Competitive Settings Are My Favorite Way To Play Halo, But It's Not For Everyone

The Halo Championship Series playlist uses the settings from ESL's 343-sponsored eSports league in matchmaking to provide the best competitive experience online with Halo 2 Anniversary. Team Hardcore similarly uses competitive settings (BR starts, no radar, less powerups) for games like Halo: CE and Halo 2, giving players options for more serious matches. If you don't follow the competitive scene, though, or are not very skilled at the game, I would genuinely recommend steering clear of these playlists.

You're likely to get destroyed by the enemy team, who sometimes search matchmaking as an organized group, and it's a turn off to get killed over and over. You're welcome to try for a few games, but not knowing and using the callouts with your mic or understanding competitive play and losing handily won't be very fun for you or your teammates. Competitive Halo is easily how I prefer to play, and watching the eSports league is a blast, but it's much harder to jump into than the more casual playlists.

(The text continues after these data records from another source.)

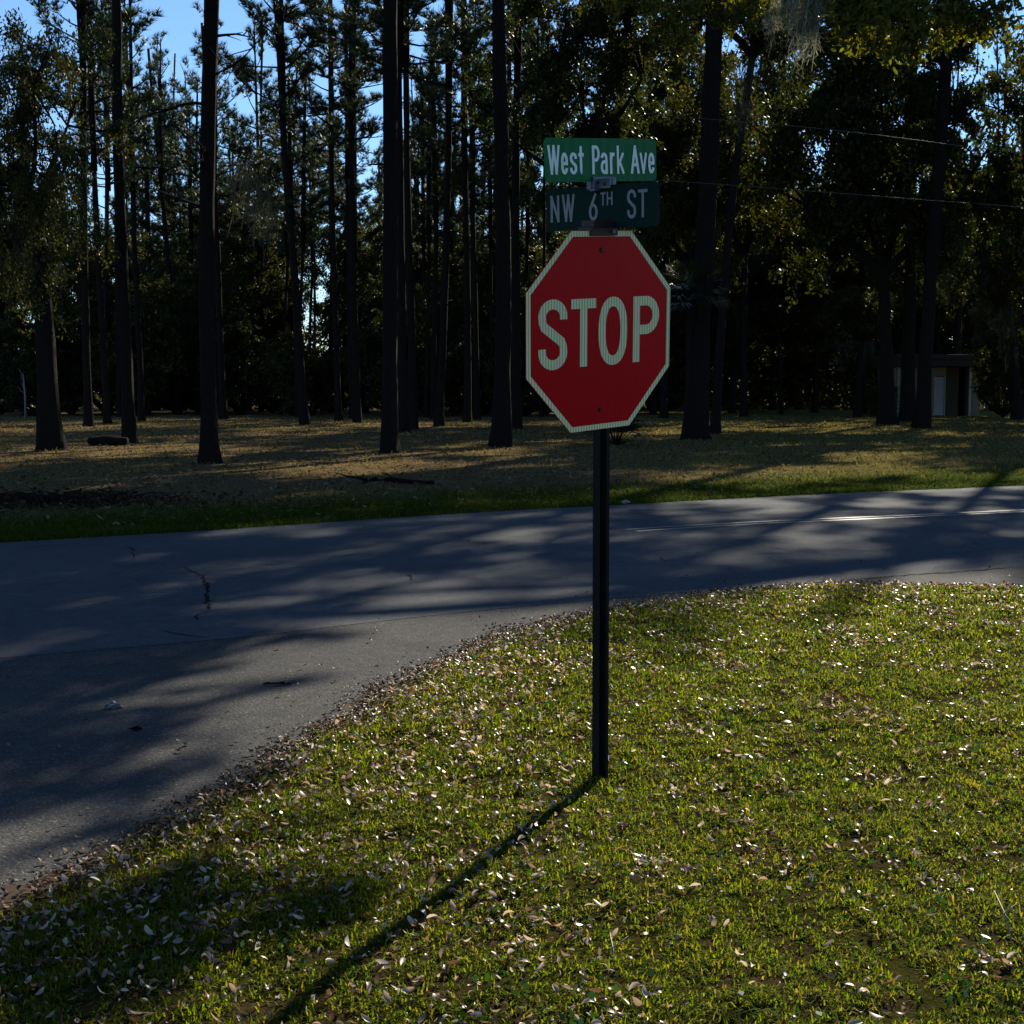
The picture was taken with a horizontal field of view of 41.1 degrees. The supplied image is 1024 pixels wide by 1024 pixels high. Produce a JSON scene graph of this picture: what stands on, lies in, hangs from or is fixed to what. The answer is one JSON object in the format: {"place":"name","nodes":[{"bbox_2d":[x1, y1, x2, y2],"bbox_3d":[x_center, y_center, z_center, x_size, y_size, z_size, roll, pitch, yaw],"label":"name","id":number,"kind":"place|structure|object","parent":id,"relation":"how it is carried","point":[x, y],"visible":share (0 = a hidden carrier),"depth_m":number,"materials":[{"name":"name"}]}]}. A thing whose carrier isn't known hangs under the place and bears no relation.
{"place":"outdoors","nodes":[
{"label":"outdoors","id":0,"kind":"place"},
{"bbox_2d":[0,485,1023,657],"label":"road","id":1,"kind":"structure","parent":0,"point":[268,580],"depth_m":12.80,"materials":[{"name":"grey asphalt"}]},
{"bbox_2d":[0,566,1023,896],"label":"side street","id":2,"kind":"structure","parent":0,"point":[48,702],"depth_m":6.89,"materials":[{"name":"grey asphalt"}]},
{"bbox_2d":[0,584,969,914],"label":"lawn edge soil","id":3,"kind":"structure","parent":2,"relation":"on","point":[134,836],"depth_m":5.42,"materials":[{"name":"brown soil"}]},
{"bbox_2d":[0,392,1023,541],"bbox_3d":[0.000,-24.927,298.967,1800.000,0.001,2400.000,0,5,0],"label":"ground","id":4,"kind":"structure","parent":0,"point":[251,487],"depth_m":31.94,"materials":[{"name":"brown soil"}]},
{"bbox_2d":[0,200,68,411],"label":"oak tree","id":5,"kind":"object","parent":4,"relation":"on","point":[3,305],"visible":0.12,"depth_m":102.28,"materials":[{"name":"green plant"}]},
{"bbox_2d":[0,306,98,415],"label":"shrub","id":6,"kind":"object","parent":4,"relation":"on","point":[17,333],"visible":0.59,"depth_m":86.61,"materials":[{"name":"green plant"}]},
{"bbox_2d":[0,7,137,450],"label":"oak tree","id":7,"kind":"object","parent":4,"relation":"on","point":[18,176],"visible":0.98,"depth_m":36.08,"materials":[{"name":"green plant"}]},
{"bbox_2d":[3,0,144,423],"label":"pine tree","id":8,"kind":"object","parent":4,"relation":"on","point":[106,403],"visible":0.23,"depth_m":65.00,"materials":[{"name":"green plant"}]},
{"bbox_2d":[5,0,164,426],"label":"pine tree","id":9,"kind":"object","parent":4,"relation":"on","point":[82,10],"visible":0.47,"depth_m":60.35,"materials":[{"name":"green plant"}]},
{"bbox_2d":[0,211,181,407],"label":"oak tree","id":10,"kind":"object","parent":4,"relation":"on","point":[71,266],"visible":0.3,"depth_m":94.60,"materials":[{"name":"green plant"}]},
{"bbox_2d":[44,0,147,414],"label":"pine tree","id":11,"kind":"object","parent":4,"relation":"on","point":[127,186],"visible":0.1,"depth_m":91.13,"materials":[{"name":"green plant"}]},
{"bbox_2d":[57,0,138,442],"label":"pine tree","id":12,"kind":"object","parent":4,"relation":"on","point":[128,423],"visible":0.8,"depth_m":41.49,"materials":[{"name":"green plant"}]},
{"bbox_2d":[53,0,162,415],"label":"pine tree","id":13,"kind":"object","parent":4,"relation":"on","point":[107,178],"visible":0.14,"depth_m":84.73,"materials":[{"name":"green plant"}]},
{"bbox_2d":[65,1,159,416],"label":"pine tree","id":14,"kind":"object","parent":4,"relation":"on","point":[118,372],"visible":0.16,"depth_m":83.20,"materials":[{"name":"green plant"}]},
{"bbox_2d":[73,0,171,421],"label":"pine tree","id":15,"kind":"object","parent":4,"relation":"on","point":[131,167],"visible":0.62,"depth_m":70.37,"materials":[{"name":"green plant"}]},
{"bbox_2d":[102,139,182,409],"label":"pine tree","id":16,"kind":"object","parent":4,"relation":"on","point":[148,222],"visible":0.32,"depth_m":110.98,"materials":[{"name":"green plant"}]},
{"bbox_2d":[0,485,290,512],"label":"brush pile","id":17,"kind":"object","parent":4,"relation":"on","point":[52,498],"visible":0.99,"depth_m":19.30,"materials":[{"name":"brown plant"}]},
{"bbox_2d":[123,29,199,414],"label":"pine tree","id":18,"kind":"object","parent":4,"relation":"on","point":[177,401],"visible":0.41,"depth_m":90.23,"materials":[{"name":"green plant"}]},
{"bbox_2d":[125,32,198,409],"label":"pine tree","id":19,"kind":"object","parent":4,"relation":"on","point":[167,131],"visible":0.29,"depth_m":109.84,"materials":[{"name":"green plant"}]},
{"bbox_2d":[155,55,220,409],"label":"pine tree","id":20,"kind":"object","parent":4,"relation":"on","point":[179,234],"visible":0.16,"depth_m":111.82,"materials":[{"name":"green plant"}]},
{"bbox_2d":[140,94,243,262],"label":"pine tree","id":21,"kind":"object","parent":4,"relation":"on","point":[190,228],"visible":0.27,"depth_m":101.79,"materials":[{"name":"green plant"}]},
{"bbox_2d":[128,0,258,463],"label":"pine tree","id":22,"kind":"object","parent":4,"relation":"on","point":[209,449],"visible":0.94,"depth_m":29.69,"materials":[{"name":"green plant"}]},
{"bbox_2d":[229,172,292,262],"bbox_3d":[-5.660,-6.272,29.705,1.326,2.136,1.420,-5,7,-43],"label":"spanish moss","id":23,"kind":"object","parent":22,"relation":"hanging from","point":[259,197],"visible":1,"depth_m":29.59,"materials":[{"name":"grey plant"}]},
{"bbox_2d":[158,0,248,216],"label":"pine tree","id":24,"kind":"object","parent":4,"relation":"on","point":[225,91],"visible":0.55,"depth_m":89.26,"materials":[{"name":"green plant"}]},
{"bbox_2d":[146,6,280,418],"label":"pine tree","id":25,"kind":"object","parent":4,"relation":"on","point":[223,407],"visible":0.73,"depth_m":76.83,"materials":[{"name":"green plant"}]},
{"bbox_2d":[162,165,314,411],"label":"oak tree","id":26,"kind":"object","parent":4,"relation":"on","point":[273,276],"visible":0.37,"depth_m":100.50,"materials":[{"name":"green plant"}]},
{"bbox_2d":[189,0,346,424],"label":"pine tree","id":27,"kind":"object","parent":4,"relation":"on","point":[311,33],"visible":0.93,"depth_m":62.97,"materials":[{"name":"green plant"}]},
{"bbox_2d":[217,2,319,412],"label":"pine tree","id":28,"kind":"object","parent":4,"relation":"on","point":[235,136],"visible":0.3,"depth_m":99.16,"materials":[{"name":"green plant"}]},
{"bbox_2d":[247,62,335,416],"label":"pine tree","id":29,"kind":"object","parent":4,"relation":"on","point":[261,127],"visible":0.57,"depth_m":81.36,"materials":[{"name":"green plant"}]},
{"bbox_2d":[243,32,342,413],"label":"pine tree","id":30,"kind":"object","parent":4,"relation":"on","point":[284,248],"visible":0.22,"depth_m":92.13,"materials":[{"name":"green plant"}]},
{"bbox_2d":[241,56,356,416],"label":"pine tree","id":31,"kind":"object","parent":4,"relation":"on","point":[304,199],"visible":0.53,"depth_m":81.70,"materials":[{"name":"green plant"}]},
{"bbox_2d":[279,126,343,408],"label":"pine tree","id":32,"kind":"object","parent":4,"relation":"on","point":[311,285],"visible":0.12,"depth_m":115.41,"materials":[{"name":"green plant"}]},
{"bbox_2d":[284,346,346,414],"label":"shrub","id":33,"kind":"object","parent":4,"relation":"on","point":[323,399],"visible":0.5,"depth_m":88.91,"materials":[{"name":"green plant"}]},
{"bbox_2d":[252,0,382,421],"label":"pine tree","id":34,"kind":"object","parent":4,"relation":"on","point":[338,413],"visible":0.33,"depth_m":69.95,"materials":[{"name":"green plant"}]},
{"bbox_2d":[293,110,368,412],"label":"pine tree","id":35,"kind":"object","parent":4,"relation":"on","point":[338,229],"visible":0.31,"depth_m":99.60,"materials":[{"name":"green plant"}]},
{"bbox_2d":[306,73,383,399],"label":"pine tree","id":36,"kind":"object","parent":4,"relation":"on","point":[378,182],"visible":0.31,"depth_m":106.19,"materials":[{"name":"green plant"}]},
{"bbox_2d":[310,111,382,410],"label":"pine tree","id":37,"kind":"object","parent":4,"relation":"on","point":[377,228],"visible":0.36,"depth_m":104.85,"materials":[{"name":"green plant"}]},
{"bbox_2d":[285,0,420,422],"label":"pine tree","id":38,"kind":"object","parent":4,"relation":"on","point":[350,103],"visible":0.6,"depth_m":66.56,"materials":[{"name":"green plant"}]},
{"bbox_2d":[297,4,413,418],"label":"pine tree","id":39,"kind":"object","parent":4,"relation":"on","point":[324,160],"visible":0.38,"depth_m":77.12,"materials":[{"name":"green plant"}]},
{"bbox_2d":[304,251,420,412],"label":"oak tree","id":40,"kind":"object","parent":4,"relation":"on","point":[368,295],"visible":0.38,"depth_m":96.35,"materials":[{"name":"green plant"}]},
{"bbox_2d":[299,183,439,404],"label":"oak tree","id":41,"kind":"object","parent":4,"relation":"on","point":[365,254],"visible":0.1,"depth_m":119.11,"materials":[{"name":"green plant"}]},
{"bbox_2d":[361,0,400,453],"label":"pine tree","id":42,"kind":"object","parent":4,"relation":"on","point":[389,440],"visible":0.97,"depth_m":34.56,"materials":[{"name":"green plant"}]},
{"bbox_2d":[308,0,488,432],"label":"pine tree","id":43,"kind":"object","parent":4,"relation":"on","point":[403,21],"visible":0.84,"depth_m":51.53,"materials":[{"name":"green plant"}]},
{"bbox_2d":[373,47,457,314],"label":"pine tree","id":44,"kind":"object","parent":4,"relation":"on","point":[423,219],"visible":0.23,"depth_m":95.02,"materials":[{"name":"green plant"}]},
{"bbox_2d":[357,0,484,429],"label":"pine tree","id":45,"kind":"object","parent":4,"relation":"on","point":[412,376],"visible":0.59,"depth_m":55.13,"materials":[{"name":"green plant"}]},
{"bbox_2d":[406,289,455,413],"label":"shrub","id":46,"kind":"object","parent":4,"relation":"on","point":[422,310],"visible":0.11,"depth_m":91.77,"materials":[{"name":"green plant"}]},
{"bbox_2d":[374,218,488,320],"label":"oak tree","id":47,"kind":"object","parent":4,"relation":"on","point":[414,250],"visible":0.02,"depth_m":107.00,"materials":[{"name":"green plant"}]},
{"bbox_2d":[403,91,469,416],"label":"pine tree","id":48,"kind":"object","parent":4,"relation":"on","point":[429,241],"visible":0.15,"depth_m":82.00,"materials":[{"name":"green plant"}]},
{"bbox_2d":[367,0,513,426],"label":"pine tree","id":49,"kind":"object","parent":4,"relation":"on","point":[439,419],"visible":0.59,"depth_m":60.18,"materials":[{"name":"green plant"}]},
{"bbox_2d":[410,28,486,418],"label":"pine tree","id":50,"kind":"object","parent":4,"relation":"on","point":[433,199],"visible":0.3,"depth_m":76.97,"materials":[{"name":"green plant"}]},
{"bbox_2d":[406,253,495,413],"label":"oak tree","id":51,"kind":"object","parent":4,"relation":"on","point":[456,292],"visible":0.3,"depth_m":94.52,"materials":[{"name":"green plant"}]},
{"bbox_2d":[412,109,492,411],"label":"pine tree","id":52,"kind":"object","parent":4,"relation":"on","point":[452,242],"visible":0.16,"depth_m":100.94,"materials":[{"name":"green plant"}]},
{"bbox_2d":[410,5,511,419],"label":"pine tree","id":53,"kind":"object","parent":4,"relation":"on","point":[478,179],"visible":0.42,"depth_m":74.57,"materials":[{"name":"green plant"}]},
{"bbox_2d":[402,0,534,421],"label":"pine tree","id":54,"kind":"object","parent":4,"relation":"on","point":[465,165],"visible":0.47,"depth_m":68.23,"materials":[{"name":"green plant"}]},
{"bbox_2d":[450,88,529,415],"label":"pine tree","id":55,"kind":"object","parent":4,"relation":"on","point":[490,206],"visible":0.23,"depth_m":84.55,"materials":[{"name":"green plant"}]},
{"bbox_2d":[476,0,520,447],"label":"pine tree","id":56,"kind":"object","parent":4,"relation":"on","point":[500,436],"visible":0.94,"depth_m":38.28,"materials":[{"name":"brown plant"}]},
{"bbox_2d":[1,309,1009,409],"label":"woodland","id":57,"kind":"object","parent":4,"relation":"on","point":[835,398],"visible":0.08,"depth_m":113.33,"materials":[{"name":"green plant"}]},
{"bbox_2d":[461,1,557,330],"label":"pine tree","id":58,"kind":"object","parent":4,"relation":"on","point":[534,171],"visible":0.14,"depth_m":85.30,"materials":[{"name":"green plant"}]},
{"bbox_2d":[0,581,1023,1023],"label":"lawn","id":59,"kind":"structure","parent":4,"relation":"on","point":[904,969],"depth_m":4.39,"materials":[{"name":"plant"}]},
{"bbox_2d":[0,554,1023,1023],"bbox_3d":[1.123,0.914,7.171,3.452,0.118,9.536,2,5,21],"label":"fallen leaves","id":60,"kind":"object","parent":59,"relation":"on","point":[208,952],"visible":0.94,"depth_m":4.83,"materials":[{"name":"brown plant"}]},
{"bbox_2d":[0,581,1023,1023],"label":"ground weeds","id":61,"kind":"object","parent":59,"relation":"on","point":[614,987],"visible":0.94,"depth_m":5.04,"materials":[{"name":"green plant"}]},
{"bbox_2d":[525,138,669,779],"bbox_3d":[0.347,-0.008,5.400,0.595,2.960,0.542,0,5,0],"label":"stop sign","id":62,"kind":"object","parent":59,"relation":"on","point":[597,316],"visible":0.98,"depth_m":5.35,"materials":[{"name":"metal"}]},
{"bbox_2d":[0,460,1023,542],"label":"grass","id":63,"kind":"structure","parent":4,"relation":"on","point":[6,534],"depth_m":19.14,"materials":[{"name":"green plant"}]},
{"bbox_2d":[452,217,576,345],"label":"oak tree","id":64,"kind":"object","parent":4,"relation":"on","point":[485,249],"visible":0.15,"depth_m":98.61,"materials":[{"name":"green plant"}]},
{"bbox_2d":[462,0,575,428],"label":"pine tree","id":65,"kind":"object","parent":4,"relation":"on","point":[516,407],"visible":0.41,"depth_m":56.28,"materials":[{"name":"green plant"}]},
{"bbox_2d":[475,17,568,408],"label":"pine tree","id":66,"kind":"object","parent":4,"relation":"on","point":[535,216],"visible":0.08,"depth_m":88.51,"materials":[{"name":"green plant"}]},
{"bbox_2d":[483,230,572,414],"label":"oak tree","id":67,"kind":"object","parent":4,"relation":"on","point":[535,253],"visible":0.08,"depth_m":90.31,"materials":[{"name":"green plant"}]},
{"bbox_2d":[507,0,595,416],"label":"pine tree","id":68,"kind":"object","parent":4,"relation":"on","point":[540,411],"visible":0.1,"depth_m":81.32,"materials":[{"name":"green plant"}]},
{"bbox_2d":[457,0,673,431],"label":"oak tree","id":69,"kind":"object","parent":4,"relation":"on","point":[568,85],"visible":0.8,"depth_m":51.30,"materials":[{"name":"green plant"}]},
{"bbox_2d":[591,15,742,417],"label":"oak tree","id":70,"kind":"object","parent":4,"relation":"on","point":[676,74],"visible":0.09,"depth_m":76.74,"materials":[{"name":"green plant"}]},
{"bbox_2d":[620,227,756,414],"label":"oak tree","id":71,"kind":"object","parent":4,"relation":"on","point":[674,321],"visible":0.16,"depth_m":91.35,"materials":[{"name":"green plant"}]},
{"bbox_2d":[662,258,735,439],"bbox_3d":[5.909,-5.247,44.688,3.285,6.052,2.926,3,6,29],"label":"palm tree","id":72,"kind":"object","parent":4,"relation":"on","point":[688,303],"visible":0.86,"depth_m":44.49,"materials":[{"name":"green plant"}]},
{"bbox_2d":[625,230,782,382],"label":"oak tree","id":73,"kind":"object","parent":4,"relation":"on","point":[681,346],"visible":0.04,"depth_m":101.56,"materials":[{"name":"green plant"}]},
{"bbox_2d":[609,38,818,290],"bbox_3d":[8.863,-12.974,65.829,11.977,17.707,9.495,0,5,0],"label":"oak tree","id":74,"kind":"object","parent":4,"relation":"on","point":[671,161],"visible":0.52,"depth_m":63.47,"materials":[{"name":"green plant"}]},
{"bbox_2d":[598,0,889,434],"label":"oak tree","id":75,"kind":"object","parent":4,"relation":"on","point":[752,49],"visible":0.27,"depth_m":49.48,"materials":[{"name":"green plant"}]},
{"bbox_2d":[724,59,769,136],"bbox_3d":[8.228,-14.513,47.832,1.814,2.722,1.708,0,5,0],"label":"spanish moss","id":76,"kind":"object","parent":75,"relation":"hanging from","point":[750,76],"visible":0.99,"depth_m":47.95,"materials":[{"name":"grey plant"}]},
{"bbox_2d":[664,47,823,416],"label":"oak tree","id":77,"kind":"object","parent":4,"relation":"on","point":[742,248],"visible":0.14,"depth_m":81.43,"materials":[{"name":"green plant"}]},
{"bbox_2d":[679,0,824,439],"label":"pine tree","id":78,"kind":"object","parent":4,"relation":"on","point":[699,426],"visible":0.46,"depth_m":44.24,"materials":[{"name":"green plant"}]},
{"bbox_2d":[672,223,842,412],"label":"oak tree","id":79,"kind":"object","parent":4,"relation":"on","point":[760,312],"visible":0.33,"depth_m":95.22,"materials":[{"name":"green plant"}]},
{"bbox_2d":[725,171,807,409],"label":"oak tree","id":80,"kind":"object","parent":4,"relation":"on","point":[772,401],"visible":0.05,"depth_m":111.78,"materials":[{"name":"green plant"}]},
{"bbox_2d":[736,158,828,413],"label":"pine tree","id":81,"kind":"object","parent":4,"relation":"on","point":[762,259],"visible":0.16,"depth_m":93.36,"materials":[{"name":"green plant"}]},
{"bbox_2d":[577,0,1023,74],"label":"live oak","id":82,"kind":"object","parent":4,"relation":"on","point":[904,36],"visible":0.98,"depth_m":10.10,"materials":[{"name":"green plant"}]},
{"bbox_2d":[778,0,836,84],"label":"spanish moss","id":83,"kind":"object","parent":82,"relation":"hanging from","point":[811,9],"visible":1,"depth_m":9.99,"materials":[{"name":"grey plant"}]},
{"bbox_2d":[732,178,951,412],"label":"oak tree","id":84,"kind":"object","parent":4,"relation":"on","point":[822,335],"visible":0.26,"depth_m":96.97,"materials":[{"name":"green plant"}]},
{"bbox_2d":[675,0,1023,424],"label":"oak tree","id":85,"kind":"object","parent":4,"relation":"on","point":[857,97],"visible":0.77,"depth_m":61.07,"materials":[{"name":"green plant"}]},
{"bbox_2d":[782,233,936,409],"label":"oak tree","id":86,"kind":"object","parent":4,"relation":"on","point":[918,312],"visible":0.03,"depth_m":114.76,"materials":[{"name":"green plant"}]},
{"bbox_2d":[825,281,903,416],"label":"tree","id":87,"kind":"object","parent":4,"relation":"on","point":[858,309],"visible":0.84,"depth_m":82.06,"materials":[{"name":"green plant"}]},
{"bbox_2d":[911,0,956,428],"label":"pine tree","id":88,"kind":"object","parent":4,"relation":"on","point":[922,417],"visible":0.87,"depth_m":57.55,"materials":[{"name":"brown plant"}]},
{"bbox_2d":[898,2,989,421],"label":"pine tree","id":89,"kind":"object","parent":4,"relation":"on","point":[907,403],"visible":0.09,"depth_m":70.79,"materials":[{"name":"brown plant"}]},
{"bbox_2d":[928,142,1018,353],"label":"oak tree","id":90,"kind":"object","parent":4,"relation":"on","point":[957,343],"visible":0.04,"depth_m":94.39,"materials":[{"name":"green plant"}]},
{"bbox_2d":[935,241,1021,410],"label":"oak tree","id":91,"kind":"object","parent":4,"relation":"on","point":[948,321],"visible":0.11,"depth_m":108.58,"materials":[{"name":"green plant"}]},
{"bbox_2d":[935,198,1023,419],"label":"oak tree","id":92,"kind":"object","parent":4,"relation":"on","point":[1011,286],"visible":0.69,"depth_m":74.80,"materials":[{"name":"green plant"}]},
{"bbox_2d":[956,17,1022,405],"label":"pine tree","id":93,"kind":"object","parent":4,"relation":"on","point":[993,95],"visible":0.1,"depth_m":84.32,"materials":[{"name":"green plant"}]},
{"bbox_2d":[964,330,1023,416],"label":"shrub","id":94,"kind":"object","parent":4,"relation":"on","point":[1004,410],"visible":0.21,"depth_m":82.70,"materials":[{"name":"green plant"}]},
{"bbox_2d":[972,315,1023,411],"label":"shrub","id":95,"kind":"object","parent":4,"relation":"on","point":[998,378],"visible":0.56,"depth_m":79.71,"materials":[{"name":"green plant"}]},
{"bbox_2d":[984,18,1023,276],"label":"oak tree","id":96,"kind":"object","parent":4,"relation":"on","point":[1015,217],"visible":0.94,"depth_m":59.29,"materials":[{"name":"green plant"}]},
{"bbox_2d":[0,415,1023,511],"bbox_3d":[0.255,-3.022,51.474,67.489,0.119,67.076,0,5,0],"label":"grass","id":97,"kind":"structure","parent":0,"point":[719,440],"depth_m":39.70,"materials":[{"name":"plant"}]},
{"bbox_2d":[0,0,1023,384],"label":"sky","id":98,"kind":"structure","parent":0,"point":[180,19],"materials":[{"name":"blue"}]},
{"bbox_2d":[577,413,654,444],"bbox_3d":[3.032,-2.559,40.037,2.595,1.257,2.108,0,5,0],"label":"palmetto","id":99,"kind":"object","parent":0,"point":[631,427],"visible":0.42,"depth_m":39.76,"materials":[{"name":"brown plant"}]},
{"bbox_2d":[873,354,984,415],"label":"building","id":100,"kind":"structure","parent":0,"point":[951,391],"depth_m":87.67,"materials":[{"name":"beige paint"}]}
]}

Grab A Mic And Chat, Even With Strangers

Xbox Live, and arguably Halo in particular, have bad reputations in terms of online behavior. While you'll still run into the occasional jerk or immature player, the community has by and large grown up, and there are plenty of pleasant people to play with. Even if you don't stay with one group, fun can be had with casual chatter during the game. I've met a few cool people that I played with again in the future, and it makes matchmaking better if you're playing with a group. The same, of course, applies to playing with friends--you'll be more effective, and have more fun.

Don't Be That Guy

Nobody likes the team killer, or the player who is actively detrimental to the team. Debatably worse are people who join the game and quit or don't move the entire time, ruining the game for everyone else. This is especially frustrating in competitive settings, as unbalanced teams pretty much instantly ruin a match. 343 can't control people quitting out or not moving, so do what you can for the other players. If you don't have time for a game, don't join and quit or stand still the whole time. The game is a lot of fun with everyone playing, and we can help each other enjoy it more with common courtesies like those.